Another type of loop that you may use (albeit less frequently) is the while loop. The while loop is used when you want to keep looping until a specific logical condition is satisfied (contrast this with the for loop which will always iterate through an entire sequence).

The basic structure of the while loop is:

while(logical_condition){ expression }

A simple example of a while loop is:

i <- 0
while (i <= 4) {
  i <- i + 1
  print(i)
}
## [1] 1
## [1] 2
## [1] 3
## [1] 4
## [1] 5

Here the loop will only continue to pass values to the main body of the loop (the expression body) when i is less than or equal to 4 (specified using the <= operator in this example). Once i is greater than 4 the loop will stop.

There is another, very rarely used type of loop; the repeat loop. The repeat loop has no conditional check so can keep iterating indefinitely (meaning a break, or “stop here”, has to be coded into it). It’s worthwhile being aware of it’s existence, but for now we don’t think you need to worry about it; the for and while loops will see you through the vast majority of your looping needs.

6.4.3 When to use a loop?

Loops are fairly commonly used, though sometimes a little overused in our opinion. Equivalent tasks can be performed with functions, which are often more efficient than loops. Though this raises the question when should you use a loop?

In general loops are implemented inefficiently in R and should be avoided when better alternatives exist (e.g. vectorised functions), especially when you’re working with large datasets. However, loop are sometimes the only way to achieve the result we want.

Some examples of when using loops can be appropriate:

  • Some simulations.

  • Recursive relationships (a relationship which depends on the value of the previous relationship [“to understand recursion, you must understand recursion”])

  • More complex problems that are not easily amenable to functions.

  • While loops (keep jumping until you’ve reached the moon)

6.4.4 If not loops, then what?

The pattern of looping over a vector, doing something to each element and saving the results is so common that the purrr package (part of tidyverse) provides a family of functions to do it for you. These are map_* functions.

For example, column wise summaries of cities data can be created as

map_dfr(city, function(x){summary(x)})
## # A tibble: 4 × 7
##   Min.      `1st Qu.`  Median      Mean         `3rd Qu.` Max.     `NA's` 
##   <table>   <table>    <table>     <table>      <table>   <table>  <table>
## 1 -3.281362 -0.7580670 -0.09221508 -0.041098543 0.6769474 2.386683 NA     
## 2 -2.488330 -0.8160216 -0.06276359 -0.083801719 0.4851634 2.530844 NA     
## 3 -3.189245 -0.9550408 -0.24572891 -0.205044862 0.6328455 3.010478 10     
## 4 -2.407874 -0.6904893  0.01923070  0.006420597 0.6981329 2.849795 NA

Note that data frame is just a list, where columns are elements.

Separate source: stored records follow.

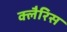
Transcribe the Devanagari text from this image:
क्लैरिस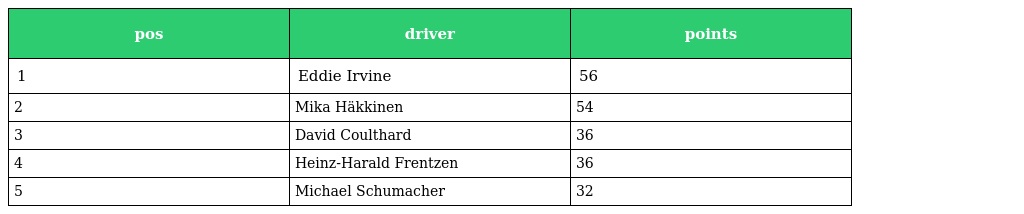
| pos | driver | points |
 | --- | --- | --- |
 | 1 | Eddie Irvine | 56 |
 | 2 | Mika Häkkinen | 54 |
 | 3 | David Coulthard | 36 |
 | 4 | Heinz-Harald Frentzen | 36 |
 | 5 | Michael Schumacher | 32 |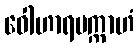
ဝေါဟာရပက္ကာဟံ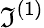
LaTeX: \mathfrak{I}^{(1)}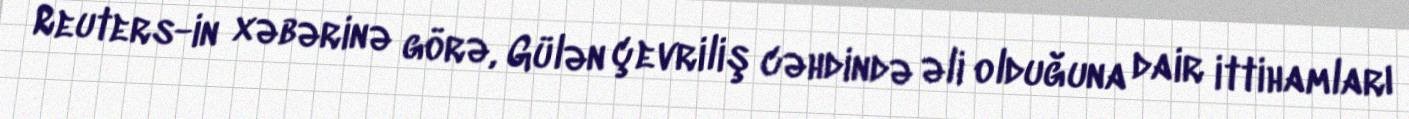
Reuters-in xəbərinə görə, Gülən çevriliş cəhdində əli olduğuna dair ittihamları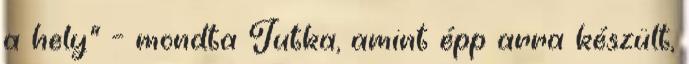
a hely” – mondta Jutka, amint épp arra készült,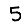
Digit: 5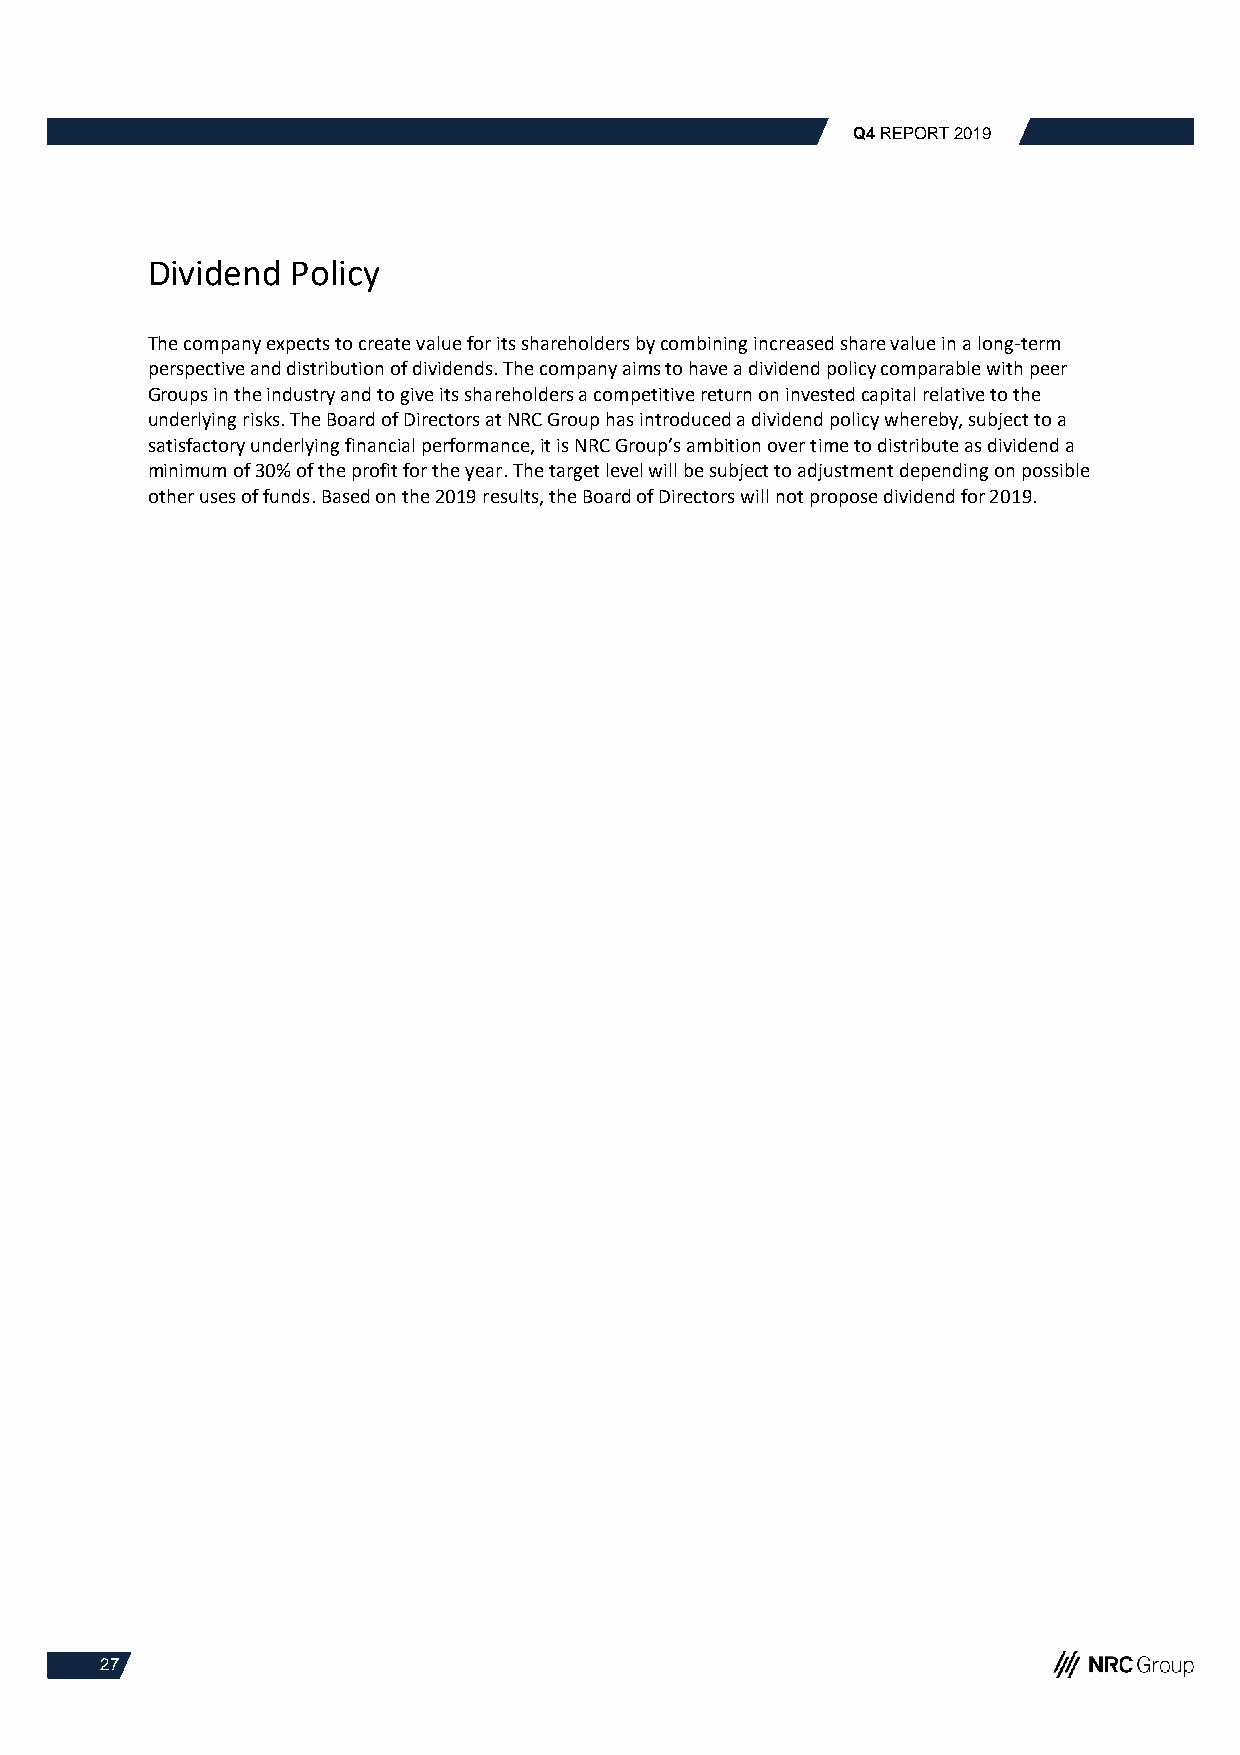
Q4 REPORT 2019
 Dividend Policy
 The company expects to create value for its shareholders by combining increased share value in a long-term
 perspective and distribution of dividends. The company aims to have a dividend policy comparable with peer
 Groups in the industry and to give its shareholders a competitive return on invested capital relative to the
 underlying risks. The Board of Directors at NRC Group has introduced a dividend policy whereby, subject to a
 satisfactory underlying financial performance, it is NRC Group’s ambition over time to distribute as dividend a
 minimum of 30% of the profit for the year. The target level will be subject to adjustment depending on possible
 other uses of funds. Based on the 2019 results, the Board of Directors will not propose dividend for 2019.
 27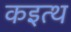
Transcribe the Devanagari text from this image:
कइत्थ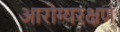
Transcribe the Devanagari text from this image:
आरोग्यरक्षण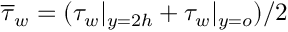
\overline { { \tau } } _ { w } = ( \tau _ { w } | _ { y = 2 h } + \tau _ { w } | _ { y = o } ) / 2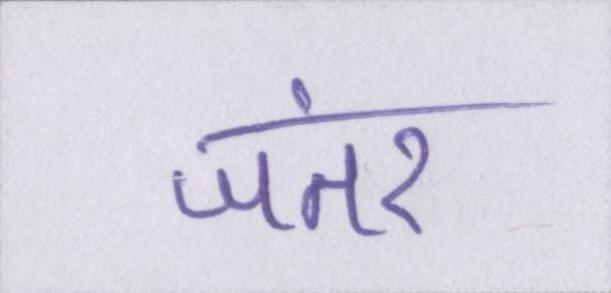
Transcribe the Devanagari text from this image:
जंतर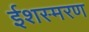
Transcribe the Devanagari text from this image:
ईशस्मरण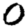
Digit: 0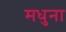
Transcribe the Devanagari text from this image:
मधुना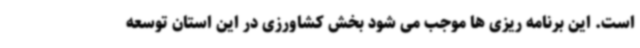
است. این برنامه ریزی ها موجب می شود بخش کشاورزی در این استان توسعه

To see this, use the [[ function on the list.

city[["porto"]]

summary is operating on each element of the list and creates a vector (more specifically with named number) as requested by map. The dfr is a call to return a data frame created by row-binding. This require dplyr to be installed.

You could have done the same thing with

temp <- NULL # Initialise a null data frame.

for(i in seq_along(city)){
    temp[[i]] <- summary(city[,i]) %>% t() # Need the transpose (t) to convert a vector into a row in a data frame.
}

plyr::ldply(temp) #Shortcut to use rowbinding and filling missing columns.
##        Min.    1st Qu.      Median         Mean   3rd Qu.     Max. NA's
## 1 -3.281362 -0.7580670 -0.09221508 -0.041098543 0.6769474 2.386683   NA
## 2 -2.488330 -0.8160216 -0.06276359 -0.083801719 0.4851634 2.530844   NA
## 3 -3.189245 -0.9550408 -0.24572891 -0.205044862 0.6328455 3.010478   10
## 4 -2.407874 -0.6904893  0.01923070  0.006420597 0.6981329 2.849795   NA

There is no real speed advantage of using map functions over for loops. It just makes the code more readable. A strategy to have in the back of your mind which may be useful is; for every loop you make, try to remake it using an map function (or lapply or sapply in base R will work). There’s nothing worse than realising there was a small, tiny, seemingly meaningless mistake in a loop which weeks, months or years down the line has propagated into a huge mess. We strongly recommend trying to use the apply functions whenever possible.